First, the genetic data from the different populations can be analyzed to search for areas of the genome that have been under recent selection-- i.e. that have recently become beneficial for Nigerians, or Chinese, or whichever group. That analysis was done by two groups (both papers are open access), though I will discuss the second one. What they found was that each of the populations (they group the Chinese and Japanese together into a single population) has been under, and probably continues to be under, natural selection. It would be theoretically possible (if remarkable) to find that all humans are undergoing the same selective pressures and responding identically to them, but that is not the case. I've posted on the right a Venn diagram from the paper showing that most of the loci identified as under selection are detected in only one of the three groups, indicating that selection is causing people in different parts of the globe to become more distinct. The precise effects of the genetic variation between populations is unclear, but (as it's under selection) it's certainly phenotypically relevant. And lest you think the genes under selection are related only to "boring" physiological traits, note that one of the papers found that a number of genes involved in "neuronal function" have been under selection.

Even more recently, another group analyzed gene expression in both the Asian HapMap samples and the European HapMap samples and found that around 25% of the genes in the two were differentially expressed, and that this differential expression is due to genetic differences in many cases. The road from genotype to phenotype goes through gene expression, so this is a major step in connecting genetic variation to phenotypic variation.

So it's clear that populations differ genetically and that these differences are relevant phenotypically and informative about race. So, do genetic differences explain racial differences in any given phenotype? I hope that for phenotypes like eye color and skin color people accept the answer as obviously yes; these sorts of things have been convincingly demonstrated. For other phenotypes like IQ or personality, if you're inclined to react negatively, I say wait a few years before you get too confident; the study of human genetic variation is in its infancy, and once it hits adolescence it's going to start becoming a real pain in the ass.

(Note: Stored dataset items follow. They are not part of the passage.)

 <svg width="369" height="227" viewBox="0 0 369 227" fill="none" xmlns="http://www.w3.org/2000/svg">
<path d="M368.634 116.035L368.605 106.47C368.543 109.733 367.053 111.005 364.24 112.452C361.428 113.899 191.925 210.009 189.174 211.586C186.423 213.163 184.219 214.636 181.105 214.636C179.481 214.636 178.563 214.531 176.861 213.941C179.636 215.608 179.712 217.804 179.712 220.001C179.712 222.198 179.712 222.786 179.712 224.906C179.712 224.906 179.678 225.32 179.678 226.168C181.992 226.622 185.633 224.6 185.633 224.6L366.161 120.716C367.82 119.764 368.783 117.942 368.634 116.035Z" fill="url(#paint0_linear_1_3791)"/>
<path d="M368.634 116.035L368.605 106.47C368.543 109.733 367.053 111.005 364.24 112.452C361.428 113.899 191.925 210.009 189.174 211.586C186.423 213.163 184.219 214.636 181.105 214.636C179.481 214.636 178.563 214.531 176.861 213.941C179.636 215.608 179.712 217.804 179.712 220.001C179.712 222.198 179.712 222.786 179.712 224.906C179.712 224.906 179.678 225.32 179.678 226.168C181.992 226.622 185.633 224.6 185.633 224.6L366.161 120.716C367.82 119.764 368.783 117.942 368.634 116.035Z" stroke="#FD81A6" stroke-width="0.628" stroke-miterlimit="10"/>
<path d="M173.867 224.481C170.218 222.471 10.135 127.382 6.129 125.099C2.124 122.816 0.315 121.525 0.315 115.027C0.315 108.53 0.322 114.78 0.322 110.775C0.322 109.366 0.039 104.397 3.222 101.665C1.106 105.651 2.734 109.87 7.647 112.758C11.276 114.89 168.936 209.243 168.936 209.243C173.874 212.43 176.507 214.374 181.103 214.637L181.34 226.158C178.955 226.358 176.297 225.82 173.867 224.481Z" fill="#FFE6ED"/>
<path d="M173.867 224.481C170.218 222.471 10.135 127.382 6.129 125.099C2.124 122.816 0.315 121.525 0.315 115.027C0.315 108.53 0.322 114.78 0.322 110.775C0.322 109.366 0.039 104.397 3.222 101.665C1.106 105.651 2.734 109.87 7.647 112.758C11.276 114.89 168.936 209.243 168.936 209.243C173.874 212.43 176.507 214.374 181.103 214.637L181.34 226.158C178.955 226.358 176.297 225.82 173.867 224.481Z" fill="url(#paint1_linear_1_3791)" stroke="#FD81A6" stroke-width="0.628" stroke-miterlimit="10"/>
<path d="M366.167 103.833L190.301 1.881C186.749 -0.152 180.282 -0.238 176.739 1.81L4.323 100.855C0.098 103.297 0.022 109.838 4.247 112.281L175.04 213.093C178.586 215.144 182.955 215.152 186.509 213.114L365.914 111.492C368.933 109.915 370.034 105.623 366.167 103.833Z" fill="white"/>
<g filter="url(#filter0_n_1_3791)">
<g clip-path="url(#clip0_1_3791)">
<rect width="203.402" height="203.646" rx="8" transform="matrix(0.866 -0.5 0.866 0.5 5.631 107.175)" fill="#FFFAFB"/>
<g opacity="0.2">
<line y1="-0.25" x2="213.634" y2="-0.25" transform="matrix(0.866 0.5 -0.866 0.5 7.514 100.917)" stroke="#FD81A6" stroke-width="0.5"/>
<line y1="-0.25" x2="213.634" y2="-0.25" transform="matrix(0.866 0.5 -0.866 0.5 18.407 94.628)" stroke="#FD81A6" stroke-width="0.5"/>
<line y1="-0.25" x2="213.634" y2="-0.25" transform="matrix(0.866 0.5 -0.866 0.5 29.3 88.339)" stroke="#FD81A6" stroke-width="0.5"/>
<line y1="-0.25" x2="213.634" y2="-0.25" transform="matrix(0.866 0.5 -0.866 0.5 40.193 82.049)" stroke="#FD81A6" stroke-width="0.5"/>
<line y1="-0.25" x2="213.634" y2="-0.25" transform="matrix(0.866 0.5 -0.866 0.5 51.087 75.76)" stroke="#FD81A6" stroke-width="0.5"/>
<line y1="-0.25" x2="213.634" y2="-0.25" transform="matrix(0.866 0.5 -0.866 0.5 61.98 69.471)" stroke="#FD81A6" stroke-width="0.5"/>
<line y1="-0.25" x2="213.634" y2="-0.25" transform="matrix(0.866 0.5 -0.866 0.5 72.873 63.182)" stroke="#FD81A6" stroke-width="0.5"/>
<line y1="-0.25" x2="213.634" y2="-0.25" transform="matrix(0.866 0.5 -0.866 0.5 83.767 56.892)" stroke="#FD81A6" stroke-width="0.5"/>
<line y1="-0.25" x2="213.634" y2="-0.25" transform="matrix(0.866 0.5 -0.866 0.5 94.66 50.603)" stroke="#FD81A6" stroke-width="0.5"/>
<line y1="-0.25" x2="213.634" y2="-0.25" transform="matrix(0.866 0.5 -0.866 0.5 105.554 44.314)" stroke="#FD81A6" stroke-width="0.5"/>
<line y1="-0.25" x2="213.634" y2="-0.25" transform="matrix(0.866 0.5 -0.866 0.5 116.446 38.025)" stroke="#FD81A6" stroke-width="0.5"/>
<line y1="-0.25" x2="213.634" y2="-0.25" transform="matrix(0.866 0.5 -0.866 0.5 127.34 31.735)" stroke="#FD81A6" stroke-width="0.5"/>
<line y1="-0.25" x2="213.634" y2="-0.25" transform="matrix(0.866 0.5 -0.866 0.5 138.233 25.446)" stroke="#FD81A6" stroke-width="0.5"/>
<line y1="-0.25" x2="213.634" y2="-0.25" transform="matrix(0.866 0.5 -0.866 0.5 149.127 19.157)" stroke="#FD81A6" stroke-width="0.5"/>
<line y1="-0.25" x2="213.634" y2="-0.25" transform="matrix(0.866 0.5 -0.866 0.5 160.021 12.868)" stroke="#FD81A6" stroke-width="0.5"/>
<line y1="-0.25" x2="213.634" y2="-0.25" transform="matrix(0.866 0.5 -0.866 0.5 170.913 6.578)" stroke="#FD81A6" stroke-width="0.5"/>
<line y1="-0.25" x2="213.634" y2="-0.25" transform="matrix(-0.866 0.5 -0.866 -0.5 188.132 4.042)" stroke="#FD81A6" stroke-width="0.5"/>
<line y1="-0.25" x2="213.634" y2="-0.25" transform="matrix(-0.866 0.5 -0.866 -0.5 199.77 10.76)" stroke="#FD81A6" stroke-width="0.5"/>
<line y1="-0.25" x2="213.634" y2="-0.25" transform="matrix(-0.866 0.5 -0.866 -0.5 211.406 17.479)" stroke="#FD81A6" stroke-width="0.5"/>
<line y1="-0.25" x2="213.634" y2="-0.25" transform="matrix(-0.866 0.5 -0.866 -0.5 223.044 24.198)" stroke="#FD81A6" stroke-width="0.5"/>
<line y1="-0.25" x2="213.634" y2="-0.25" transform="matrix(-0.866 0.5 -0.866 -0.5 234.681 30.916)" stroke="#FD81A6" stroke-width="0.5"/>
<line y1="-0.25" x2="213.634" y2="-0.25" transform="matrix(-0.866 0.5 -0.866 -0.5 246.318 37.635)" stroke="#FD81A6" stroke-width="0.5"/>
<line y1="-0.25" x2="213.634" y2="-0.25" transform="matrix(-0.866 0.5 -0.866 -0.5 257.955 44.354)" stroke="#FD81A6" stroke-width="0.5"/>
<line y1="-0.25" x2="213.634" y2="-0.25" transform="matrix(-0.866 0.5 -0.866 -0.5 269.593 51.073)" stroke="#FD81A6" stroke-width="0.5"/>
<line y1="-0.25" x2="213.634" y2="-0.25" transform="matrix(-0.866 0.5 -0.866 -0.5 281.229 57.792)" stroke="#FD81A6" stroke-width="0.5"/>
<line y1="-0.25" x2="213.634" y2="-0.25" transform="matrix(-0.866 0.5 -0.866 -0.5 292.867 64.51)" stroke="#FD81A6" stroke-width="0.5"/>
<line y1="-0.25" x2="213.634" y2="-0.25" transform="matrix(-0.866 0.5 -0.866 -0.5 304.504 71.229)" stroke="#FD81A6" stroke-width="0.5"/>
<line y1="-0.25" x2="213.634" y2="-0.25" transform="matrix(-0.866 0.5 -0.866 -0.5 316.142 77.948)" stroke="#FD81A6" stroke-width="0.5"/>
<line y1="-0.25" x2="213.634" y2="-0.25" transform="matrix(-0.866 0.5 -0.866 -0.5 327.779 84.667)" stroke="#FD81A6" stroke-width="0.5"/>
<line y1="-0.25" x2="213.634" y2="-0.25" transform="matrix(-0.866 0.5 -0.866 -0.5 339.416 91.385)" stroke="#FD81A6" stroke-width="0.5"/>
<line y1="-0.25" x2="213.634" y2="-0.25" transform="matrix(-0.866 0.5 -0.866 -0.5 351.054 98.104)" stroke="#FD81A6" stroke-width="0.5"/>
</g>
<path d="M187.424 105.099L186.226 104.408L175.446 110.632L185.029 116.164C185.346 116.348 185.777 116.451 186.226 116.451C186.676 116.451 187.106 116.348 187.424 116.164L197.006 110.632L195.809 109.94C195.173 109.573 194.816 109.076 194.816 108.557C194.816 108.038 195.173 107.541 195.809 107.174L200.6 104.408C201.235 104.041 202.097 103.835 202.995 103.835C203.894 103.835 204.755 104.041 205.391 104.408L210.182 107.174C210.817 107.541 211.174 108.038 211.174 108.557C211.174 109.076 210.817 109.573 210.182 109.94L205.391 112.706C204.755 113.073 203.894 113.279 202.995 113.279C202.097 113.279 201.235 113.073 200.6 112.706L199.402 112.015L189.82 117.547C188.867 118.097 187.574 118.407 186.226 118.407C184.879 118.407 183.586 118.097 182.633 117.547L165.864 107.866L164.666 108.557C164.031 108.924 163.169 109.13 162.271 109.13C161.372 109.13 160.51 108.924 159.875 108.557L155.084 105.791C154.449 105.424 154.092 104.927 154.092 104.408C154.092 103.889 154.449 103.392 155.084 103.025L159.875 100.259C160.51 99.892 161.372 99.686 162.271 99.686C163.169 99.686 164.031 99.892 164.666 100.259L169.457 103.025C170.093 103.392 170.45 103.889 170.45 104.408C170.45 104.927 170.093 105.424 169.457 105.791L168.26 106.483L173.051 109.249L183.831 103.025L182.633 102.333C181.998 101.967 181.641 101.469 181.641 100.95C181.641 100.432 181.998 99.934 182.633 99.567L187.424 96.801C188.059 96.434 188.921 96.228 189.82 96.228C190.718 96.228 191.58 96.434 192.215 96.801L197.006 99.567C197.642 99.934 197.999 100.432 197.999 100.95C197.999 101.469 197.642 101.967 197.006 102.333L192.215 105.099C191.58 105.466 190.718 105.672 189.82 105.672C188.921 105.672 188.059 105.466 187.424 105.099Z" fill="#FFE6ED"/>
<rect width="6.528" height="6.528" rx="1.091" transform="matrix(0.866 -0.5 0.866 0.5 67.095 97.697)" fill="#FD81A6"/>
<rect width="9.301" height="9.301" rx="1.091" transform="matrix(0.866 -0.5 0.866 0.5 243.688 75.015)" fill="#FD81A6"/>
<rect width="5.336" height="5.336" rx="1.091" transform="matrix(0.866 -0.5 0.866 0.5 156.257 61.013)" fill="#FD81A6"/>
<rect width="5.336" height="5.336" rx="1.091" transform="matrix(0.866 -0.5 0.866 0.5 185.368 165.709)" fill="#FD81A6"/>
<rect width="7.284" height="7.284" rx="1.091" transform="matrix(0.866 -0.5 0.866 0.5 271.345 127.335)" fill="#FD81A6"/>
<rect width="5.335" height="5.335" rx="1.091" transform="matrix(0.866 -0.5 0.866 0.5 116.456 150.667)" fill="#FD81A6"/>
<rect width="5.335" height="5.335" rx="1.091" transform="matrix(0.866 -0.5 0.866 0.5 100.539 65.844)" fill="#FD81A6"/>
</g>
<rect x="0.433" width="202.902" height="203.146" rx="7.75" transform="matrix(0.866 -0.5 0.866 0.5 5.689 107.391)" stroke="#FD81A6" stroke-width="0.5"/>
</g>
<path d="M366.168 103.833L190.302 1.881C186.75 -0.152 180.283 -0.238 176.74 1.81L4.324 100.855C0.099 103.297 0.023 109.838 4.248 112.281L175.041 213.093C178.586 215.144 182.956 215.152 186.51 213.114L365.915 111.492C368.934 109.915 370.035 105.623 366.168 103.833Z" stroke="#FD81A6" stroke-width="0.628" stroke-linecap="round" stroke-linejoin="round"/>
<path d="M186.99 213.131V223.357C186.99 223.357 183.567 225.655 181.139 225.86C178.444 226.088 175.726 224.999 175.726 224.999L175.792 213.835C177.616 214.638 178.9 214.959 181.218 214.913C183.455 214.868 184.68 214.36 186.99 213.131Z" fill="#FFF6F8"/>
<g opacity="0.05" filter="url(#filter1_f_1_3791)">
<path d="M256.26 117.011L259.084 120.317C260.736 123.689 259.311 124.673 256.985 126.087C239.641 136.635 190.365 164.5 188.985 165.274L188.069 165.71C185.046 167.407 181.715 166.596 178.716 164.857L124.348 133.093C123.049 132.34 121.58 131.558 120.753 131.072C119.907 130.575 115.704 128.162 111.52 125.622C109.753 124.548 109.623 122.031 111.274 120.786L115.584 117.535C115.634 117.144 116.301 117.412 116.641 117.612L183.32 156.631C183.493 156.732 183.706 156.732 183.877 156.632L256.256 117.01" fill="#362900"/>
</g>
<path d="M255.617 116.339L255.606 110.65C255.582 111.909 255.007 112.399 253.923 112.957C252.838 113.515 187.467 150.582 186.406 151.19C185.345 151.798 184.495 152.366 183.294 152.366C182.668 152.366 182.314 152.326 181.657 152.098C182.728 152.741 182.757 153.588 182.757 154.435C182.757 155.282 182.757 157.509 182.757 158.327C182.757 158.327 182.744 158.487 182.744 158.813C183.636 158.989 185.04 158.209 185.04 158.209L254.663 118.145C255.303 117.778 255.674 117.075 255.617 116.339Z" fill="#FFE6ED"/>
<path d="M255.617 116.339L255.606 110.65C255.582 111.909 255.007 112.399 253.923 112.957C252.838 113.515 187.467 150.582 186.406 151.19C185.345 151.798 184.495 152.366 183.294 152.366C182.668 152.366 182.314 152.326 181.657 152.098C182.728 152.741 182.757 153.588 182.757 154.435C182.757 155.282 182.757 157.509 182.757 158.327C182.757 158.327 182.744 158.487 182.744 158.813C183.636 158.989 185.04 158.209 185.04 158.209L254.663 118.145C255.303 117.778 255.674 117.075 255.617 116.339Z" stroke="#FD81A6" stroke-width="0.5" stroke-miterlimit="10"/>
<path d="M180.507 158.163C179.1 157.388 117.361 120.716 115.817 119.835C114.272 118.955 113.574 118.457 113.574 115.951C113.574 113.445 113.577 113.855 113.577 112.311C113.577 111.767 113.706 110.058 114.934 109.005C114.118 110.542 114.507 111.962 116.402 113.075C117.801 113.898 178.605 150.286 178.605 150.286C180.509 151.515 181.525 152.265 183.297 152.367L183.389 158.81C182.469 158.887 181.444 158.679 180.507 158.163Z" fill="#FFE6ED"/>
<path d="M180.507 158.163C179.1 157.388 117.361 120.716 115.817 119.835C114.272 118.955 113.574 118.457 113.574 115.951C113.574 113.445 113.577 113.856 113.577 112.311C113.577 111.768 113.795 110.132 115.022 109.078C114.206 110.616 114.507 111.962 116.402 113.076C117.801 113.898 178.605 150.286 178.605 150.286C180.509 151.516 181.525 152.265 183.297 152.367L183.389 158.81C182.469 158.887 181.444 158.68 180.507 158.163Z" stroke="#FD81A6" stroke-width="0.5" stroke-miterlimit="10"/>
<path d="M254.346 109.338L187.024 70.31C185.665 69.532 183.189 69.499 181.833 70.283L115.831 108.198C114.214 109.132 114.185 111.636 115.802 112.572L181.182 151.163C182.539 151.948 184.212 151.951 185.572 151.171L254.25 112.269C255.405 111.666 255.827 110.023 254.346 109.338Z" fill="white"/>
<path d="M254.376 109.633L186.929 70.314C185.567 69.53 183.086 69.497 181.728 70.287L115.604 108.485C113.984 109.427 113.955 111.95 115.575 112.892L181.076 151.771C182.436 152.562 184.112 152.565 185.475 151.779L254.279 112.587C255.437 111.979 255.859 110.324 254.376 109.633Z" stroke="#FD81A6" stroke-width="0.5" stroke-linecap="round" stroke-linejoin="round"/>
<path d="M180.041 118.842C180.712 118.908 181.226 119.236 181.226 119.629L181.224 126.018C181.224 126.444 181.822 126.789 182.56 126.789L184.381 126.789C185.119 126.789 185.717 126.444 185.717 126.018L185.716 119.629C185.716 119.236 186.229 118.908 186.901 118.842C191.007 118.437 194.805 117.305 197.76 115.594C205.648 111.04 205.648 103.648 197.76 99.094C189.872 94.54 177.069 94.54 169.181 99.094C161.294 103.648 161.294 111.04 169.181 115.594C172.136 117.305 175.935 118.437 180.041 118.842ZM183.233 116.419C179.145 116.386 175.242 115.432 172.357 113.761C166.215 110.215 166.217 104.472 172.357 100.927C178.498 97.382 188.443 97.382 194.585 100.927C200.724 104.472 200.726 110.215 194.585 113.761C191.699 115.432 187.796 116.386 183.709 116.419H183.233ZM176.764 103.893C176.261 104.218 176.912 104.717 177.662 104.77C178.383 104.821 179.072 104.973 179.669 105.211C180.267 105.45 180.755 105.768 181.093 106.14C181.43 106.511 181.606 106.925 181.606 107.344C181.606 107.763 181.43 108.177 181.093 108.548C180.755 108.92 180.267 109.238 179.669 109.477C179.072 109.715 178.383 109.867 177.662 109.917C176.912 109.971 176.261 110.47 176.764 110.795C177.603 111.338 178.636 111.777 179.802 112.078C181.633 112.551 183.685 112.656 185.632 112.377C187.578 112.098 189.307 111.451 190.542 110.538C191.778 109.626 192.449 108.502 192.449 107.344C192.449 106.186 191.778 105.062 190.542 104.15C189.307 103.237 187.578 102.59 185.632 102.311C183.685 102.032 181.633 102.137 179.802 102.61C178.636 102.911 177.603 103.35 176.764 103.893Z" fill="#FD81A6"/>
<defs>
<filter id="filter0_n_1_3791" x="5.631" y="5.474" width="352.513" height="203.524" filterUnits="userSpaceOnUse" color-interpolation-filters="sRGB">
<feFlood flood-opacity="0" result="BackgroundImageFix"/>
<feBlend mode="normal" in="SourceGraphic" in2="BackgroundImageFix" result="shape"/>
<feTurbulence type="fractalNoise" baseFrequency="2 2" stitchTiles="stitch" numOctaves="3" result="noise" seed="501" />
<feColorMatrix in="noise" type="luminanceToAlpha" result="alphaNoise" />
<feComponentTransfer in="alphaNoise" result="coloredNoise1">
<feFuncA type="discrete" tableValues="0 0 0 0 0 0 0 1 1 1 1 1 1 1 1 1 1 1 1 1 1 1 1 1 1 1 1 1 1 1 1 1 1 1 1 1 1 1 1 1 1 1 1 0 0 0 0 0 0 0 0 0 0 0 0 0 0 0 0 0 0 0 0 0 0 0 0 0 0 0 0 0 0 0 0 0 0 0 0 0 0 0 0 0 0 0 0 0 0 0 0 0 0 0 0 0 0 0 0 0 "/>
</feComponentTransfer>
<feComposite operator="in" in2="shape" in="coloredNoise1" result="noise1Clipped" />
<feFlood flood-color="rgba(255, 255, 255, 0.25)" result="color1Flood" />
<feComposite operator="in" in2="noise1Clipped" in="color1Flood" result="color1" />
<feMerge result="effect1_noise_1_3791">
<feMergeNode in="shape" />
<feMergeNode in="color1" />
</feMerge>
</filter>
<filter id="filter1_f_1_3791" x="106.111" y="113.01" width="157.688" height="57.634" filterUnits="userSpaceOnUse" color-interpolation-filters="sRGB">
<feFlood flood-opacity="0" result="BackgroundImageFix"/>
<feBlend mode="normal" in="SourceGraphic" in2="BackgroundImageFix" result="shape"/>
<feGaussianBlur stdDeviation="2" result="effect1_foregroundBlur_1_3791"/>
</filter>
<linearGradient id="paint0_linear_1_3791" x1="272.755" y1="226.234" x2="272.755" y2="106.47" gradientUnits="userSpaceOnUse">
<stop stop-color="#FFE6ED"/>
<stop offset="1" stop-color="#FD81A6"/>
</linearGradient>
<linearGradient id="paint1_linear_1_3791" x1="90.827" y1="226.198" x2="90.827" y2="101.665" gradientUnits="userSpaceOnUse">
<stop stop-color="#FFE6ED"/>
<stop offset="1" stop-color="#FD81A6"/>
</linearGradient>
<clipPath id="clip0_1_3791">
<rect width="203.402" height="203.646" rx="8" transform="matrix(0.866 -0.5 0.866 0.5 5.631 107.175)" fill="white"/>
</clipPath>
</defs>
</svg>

[1]A note on race being a societal construct. To some extent, of course it is--some people that would be called "black" in the US might not be called "black" in France, for example (and not because of the language difference, for all you smartasses. The word "black" in French specifically refers to racial classification). I have enough faith in human intelligence to think that the first person who called race a societal construct did not mean that it had no biological component as well--note that the Wikipedia entry on adolesence refers to it as a "cultural and social phenomenon" but also "the transitional stage of human development in which a juvenile matures into an adult". People seem to somehow be able to keep the cultural and biological aspects of adolescence in their heads at the same time, as I imagine the first sociologists to study race were able to do (I may, of course, be wrong), yet somehow the fact that biological differences are interpreted through a cultural lens has somehow morphed into the idea that the biological differences don't exist to begin with (see, e.g. the ASA statement on race). Weird.